▸ **Work order**
Word-for-word transcription needed. Include every entry below but no pictures.

[Dataset entries]
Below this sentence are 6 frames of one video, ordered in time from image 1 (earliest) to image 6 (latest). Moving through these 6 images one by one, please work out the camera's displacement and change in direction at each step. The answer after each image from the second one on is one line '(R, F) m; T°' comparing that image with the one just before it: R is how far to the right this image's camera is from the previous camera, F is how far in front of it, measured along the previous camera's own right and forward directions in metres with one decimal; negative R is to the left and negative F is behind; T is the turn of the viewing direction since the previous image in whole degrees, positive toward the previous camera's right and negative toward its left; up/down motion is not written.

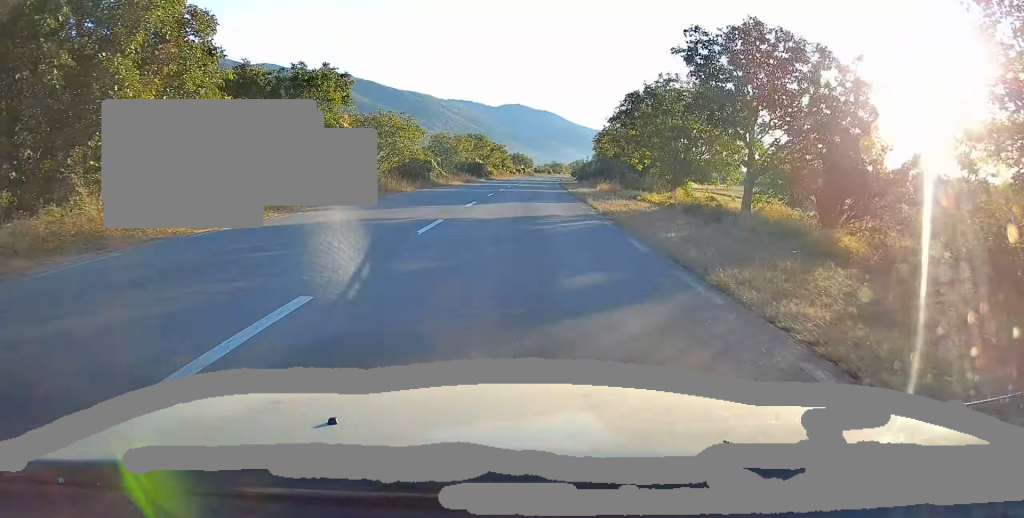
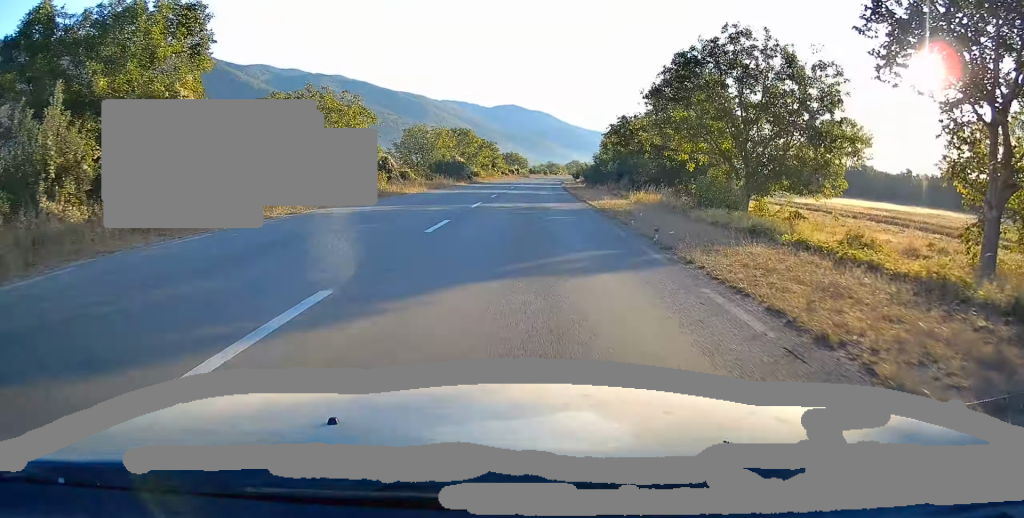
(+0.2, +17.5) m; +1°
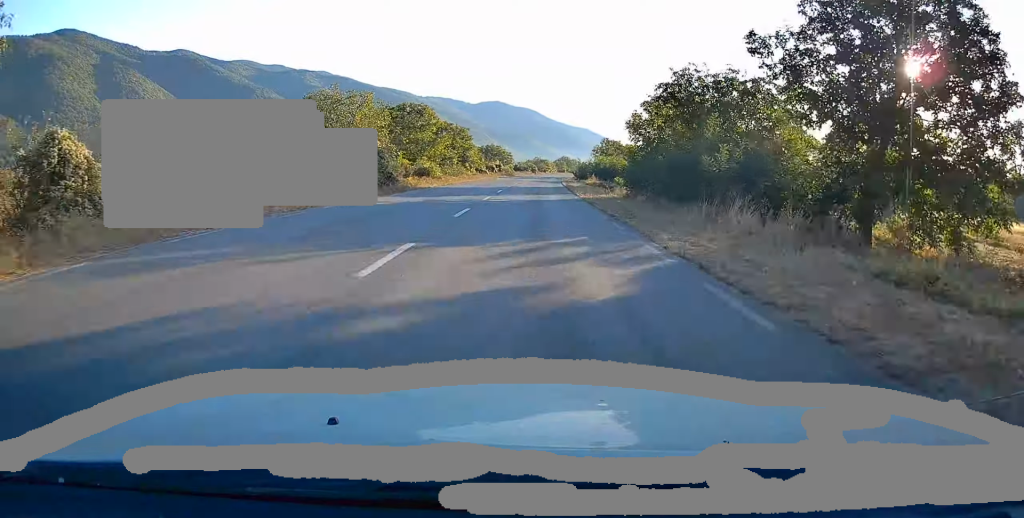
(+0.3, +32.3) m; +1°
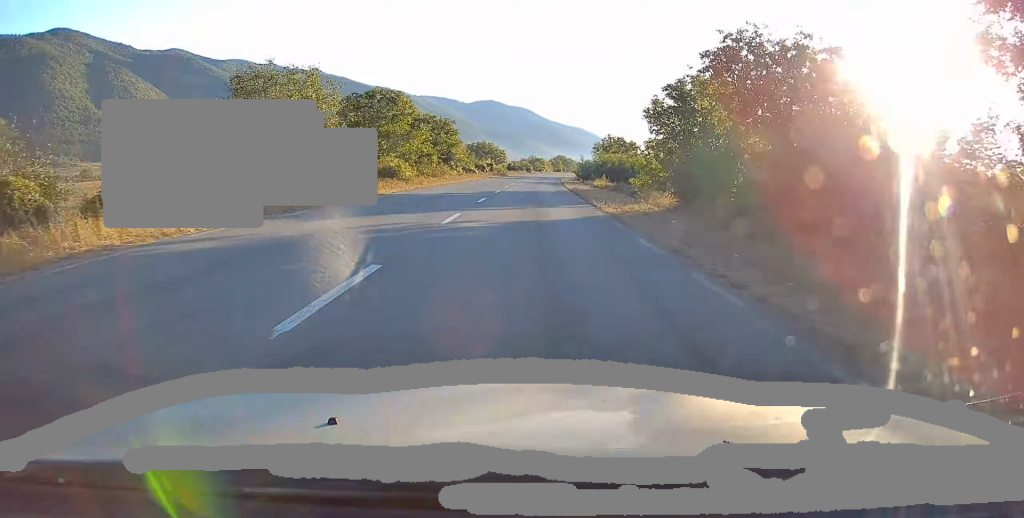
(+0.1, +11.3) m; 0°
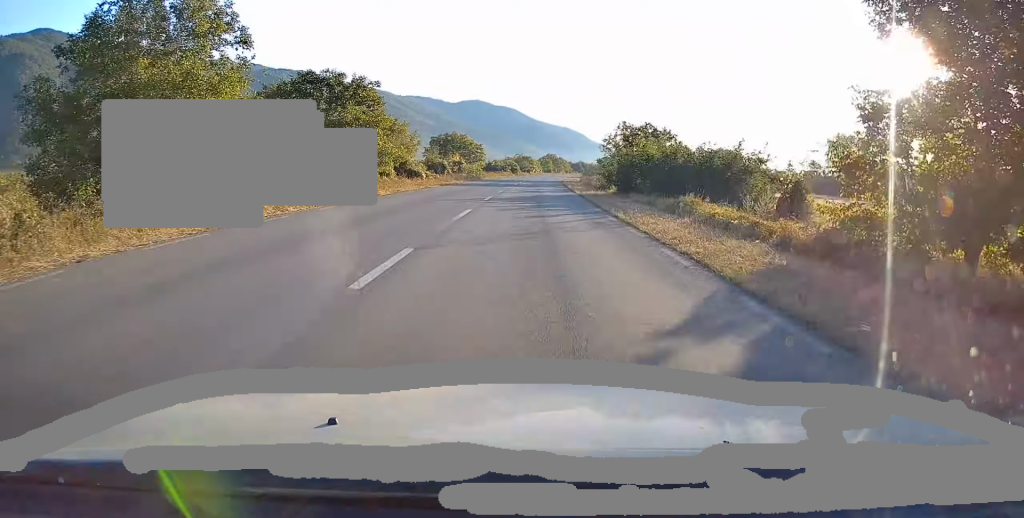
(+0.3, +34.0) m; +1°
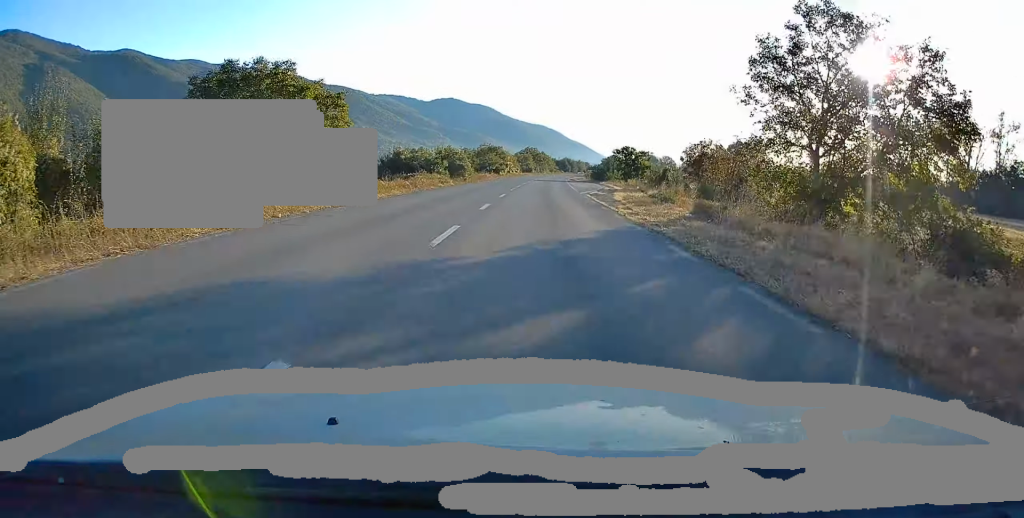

▸ **The completed task**
Below this sentence are 6 frames of one video, ordered in time from image 1 (earliest) to image 6 (latest). Moving through these 6 images one by one, please work out the camera's displacement and change in direction at each step. The answer after each image from the second one on is one line '(R, F) m; T°' comparing that image with the one just before it: R is how far to the right this image's camera is from the previous camera, F is how far in front of it, measured along the previous camera's own right and forward directions in metres with one decimal; negative R is to the left and negative F is behind; T is the turn of the viewing direction since the previous image in whole degrees, positive toward the previous camera's right and negative toward its left; up/down motion is not written.

(+0.2, +17.5) m; +1°
(+0.3, +32.3) m; +1°
(+0.1, +11.3) m; 0°
(+0.3, +34.0) m; +1°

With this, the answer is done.